U.S.–Iran agreement in Geneva triggers new regional tracks and redraws Lebanon equation
As implementation begins over 60 days, a dual-track process involving major regional powers and Iran reshapes security talks, while Lebanon emerges as a key but tightly constrained arena under a set of political “no’s” that define the next phase.
With the final face-to-face signing of the U.S.-Iran agreement in Geneva on Friday, celebrations and competing interpretations of victory claimed by both sides of the conflict have come to an end.
This marks the beginning of a more realistic reading of the agreement, whose terms remain undisclosed, and the start of implementation mechanisms extending over 60 days.
These will serve as a true test of the agreement’s durability first, and of the feasibility of its execution and the commitment of its parties second.
Information emerging from behind the scenes suggests that implementation will begin on Saturday, unfolding along more than one track. In addition to the U.S.-Iran track, which is exclusively concerned with the interests of both countries and focuses on three priorities—the nuclear issue, freedom of navigation in the Strait of Hormuz, lifting sanctions on Tehran, and releasing its financial assets—a parallel regional track on regional security will also begin.
Major countries such as Saudi Arabia, Turkey, Egypt, and Pakistan will take part in this track, engaging in dialogue with Iran on the future of the region and how to reintegrate Iran into the Sunni-majority regional framework, following the expansion of Iranian influence there.
According to the information, this track is expected to begin its activities in the Kingdom in its first meeting on Monday, aiming to discuss the Sunni-Shia situation and prevent any future attempts to destabilize it, amid significant fears of U.S. and Israeli encouragement of such dynamics, which began to surface following Iranian attacks on Gulf countries and the latter’s refusal to engage in war.
This track takes on a regional aspect with a Sunni orientation rather than a purely Gulf one, especially as some Gulf countries such as Oman, the UAE, and Qatar are excluded from it. Washington seeks to participate in these meetings, but Iran completely rejects this.
With the launch of these two tracks addressing the repercussions of war, questions arise about Lebanon’s position and Israel’s current refusal to comply with what the Islamabad agreement commits it to regarding the ceasefire in Lebanon. An Arab ambassador in Lebanon, who declined to be identified, stated that Lebanon will be a key item on the agenda of the Arab-Iranian track, noting that this issue will crystallize during the fifth round of Lebanon’s negotiations with Israel in Washington. New ideas will be proposed at the table aimed at achieving a breakthrough or progress in solidifying the ceasefire and ensuring the commencement of Israeli withdrawal.

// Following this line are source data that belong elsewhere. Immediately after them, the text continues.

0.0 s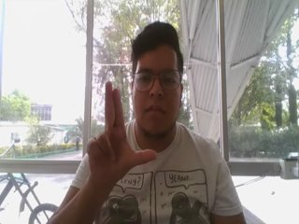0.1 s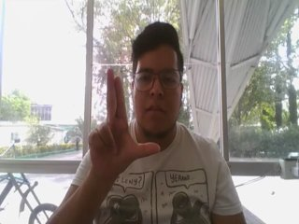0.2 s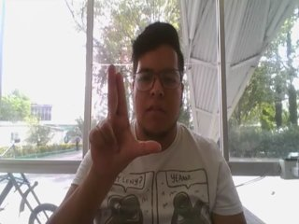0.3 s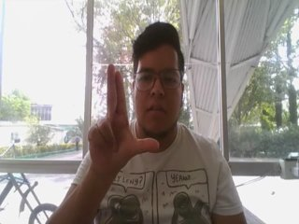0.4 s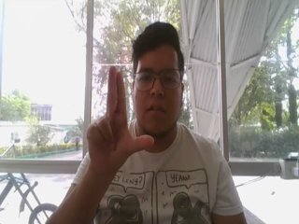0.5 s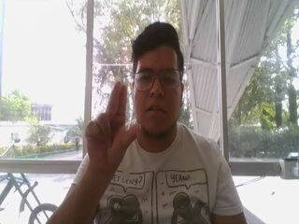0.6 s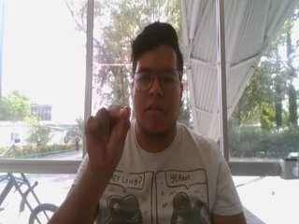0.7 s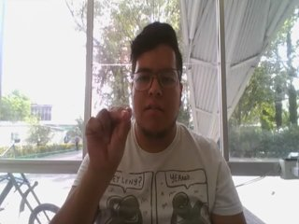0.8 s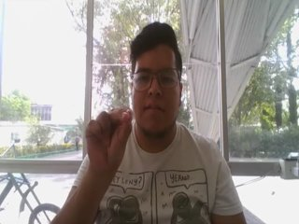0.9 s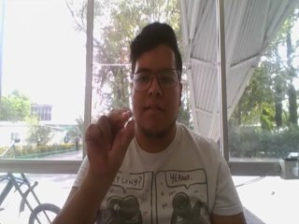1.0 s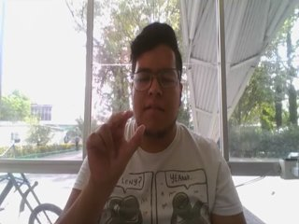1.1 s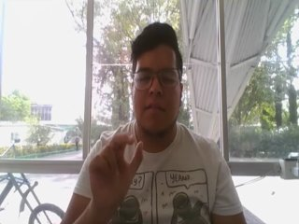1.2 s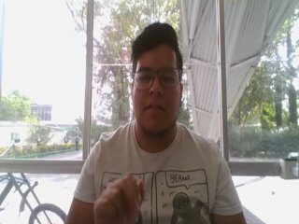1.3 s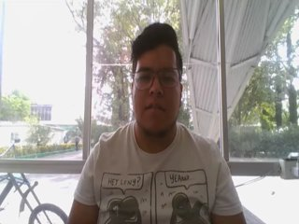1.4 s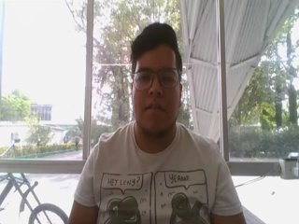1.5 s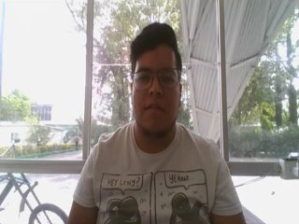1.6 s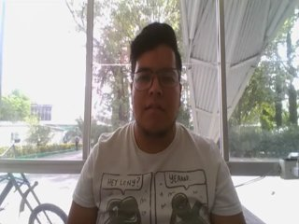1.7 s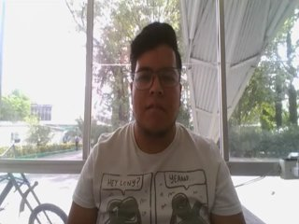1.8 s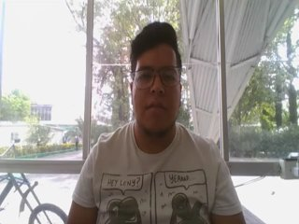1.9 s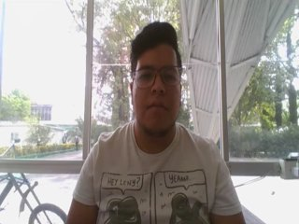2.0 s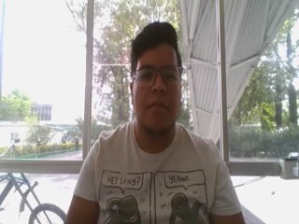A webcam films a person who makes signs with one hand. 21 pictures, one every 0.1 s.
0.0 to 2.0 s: Zoom out.
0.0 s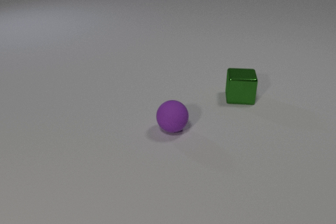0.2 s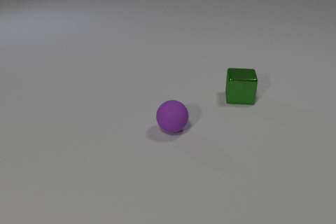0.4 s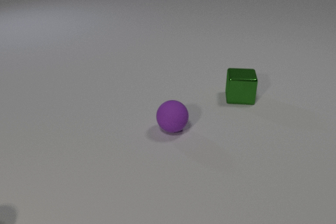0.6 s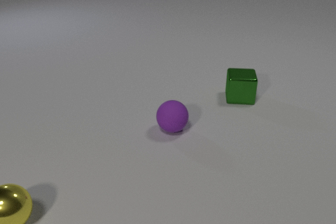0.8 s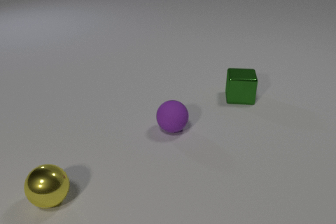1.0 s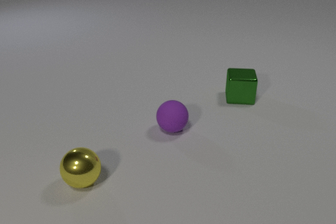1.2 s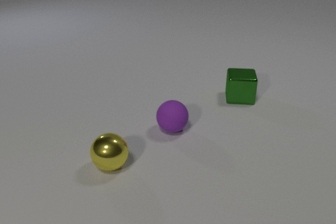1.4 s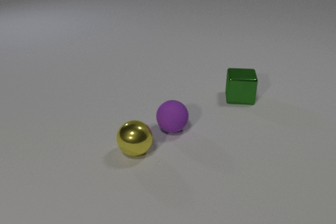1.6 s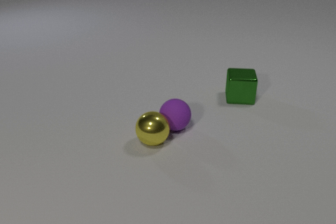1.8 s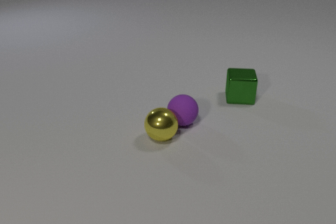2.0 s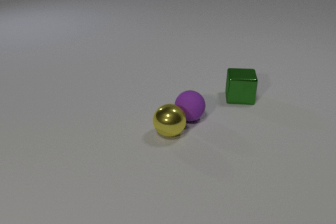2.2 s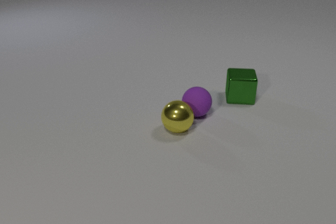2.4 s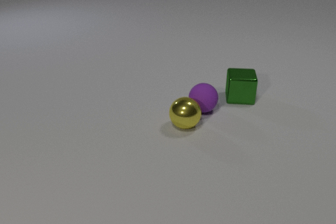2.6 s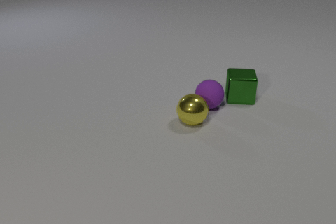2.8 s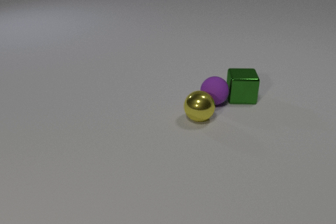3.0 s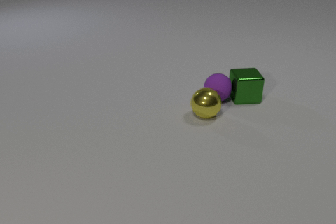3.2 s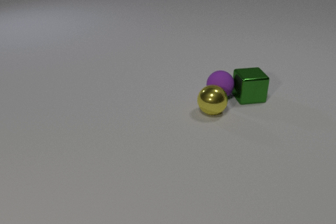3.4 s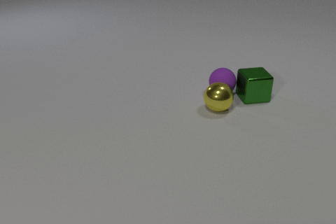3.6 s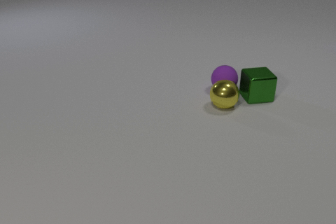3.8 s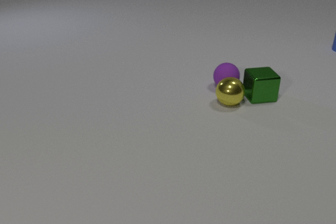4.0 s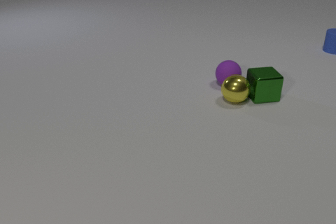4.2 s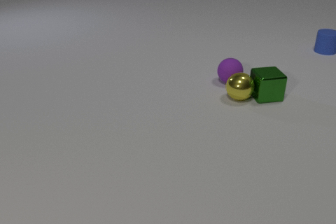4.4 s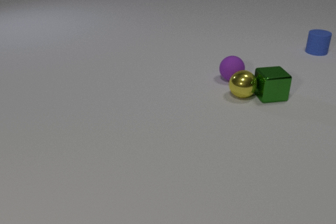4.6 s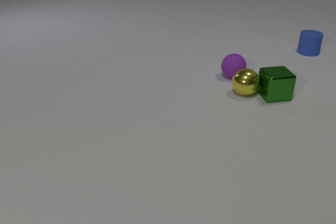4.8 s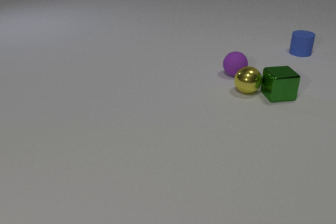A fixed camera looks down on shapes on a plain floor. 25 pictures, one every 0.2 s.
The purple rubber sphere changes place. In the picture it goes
away from the camera.
0.0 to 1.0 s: The yellow metal sphere comes in at the left edge, rolls to the right and away from the camera.
1.0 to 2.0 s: The yellow metal sphere rolls to the right and away from the camera. The purple rubber sphere rolls away from the camera and to the right. The yellow metal sphere and the purple rubber sphere collide.
2.0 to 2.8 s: The yellow metal sphere rolls away from the camera and to the right. The purple rubber sphere rolls away from the camera and to the right. The purple rubber sphere and the green metal cube collide.
2.8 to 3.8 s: The yellow metal sphere rolls away from the camera and to the right. The purple rubber sphere rolls away from the camera. The green metal cube slides to the right. The blue rubber cylinder comes in at the right edge.
3.8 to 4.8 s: The yellow metal sphere rolls away from the camera and to the right. The purple rubber sphere rolls away from the camera. The green metal cube slides to the right and away from the camera. The blue rubber cylinder slides to the left and toward the camera. The yellow metal sphere and the green metal cube collide.
What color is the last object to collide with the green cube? yellow.
What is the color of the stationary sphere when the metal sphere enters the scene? purple.
What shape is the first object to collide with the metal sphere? sphere.

Before discussing the new ideas to be deliberated, the ambassador affirms a set of “no’s” that will govern the Lebanese scene in the coming stage. The first is that there will be no disarmament of Hezbollah under any pretext after the Islamabad agreement, which will strengthen Iran’s hold over its Lebanese arm after acknowledging its loss of its Yemeni and Iraqi arms, despite Iran’s massive investments in the party over the past four decades to achieve what it has today.
This means that the Lebanese authorities and friendly countries concerned with the country will need to find a formula or mechanism that strips the weapons of their functional military nature, limiting them solely to confronting Israel, recognizing that this will face significant challenges and will not be easy to address.
This leads to the second “no”: there will be no Israeli withdrawal in the foreseeable future from the occupied Lebanese territories, necessitating perhaps a return to a step-by-step policy, with trial areas serving as models in this context to activate implementation mechanisms for withdrawal, possibly linked to the formation of a multinational force currently under consideration.
Conversely, the Arab ambassador does not foresee the party pushing to topple the government, leading to a third “no”—no change of government, which was a target of the recent Saudi movement. There is a Saudi-Iranian understanding on this issue, which also includes avoiding the descent of the Lebanese arena into civil war.
The ambassador reveals that the entry of the Speaker of Parliament Nabih Berri into direct negotiations with Washington, presenting a proposal to be discussed in forthcoming negotiation meetings, reflects the party’s engagement in negotiations alongside U.S. involvement, increasing the chances of reaching an understanding under the title of halting hostilities between Lebanon and Israel.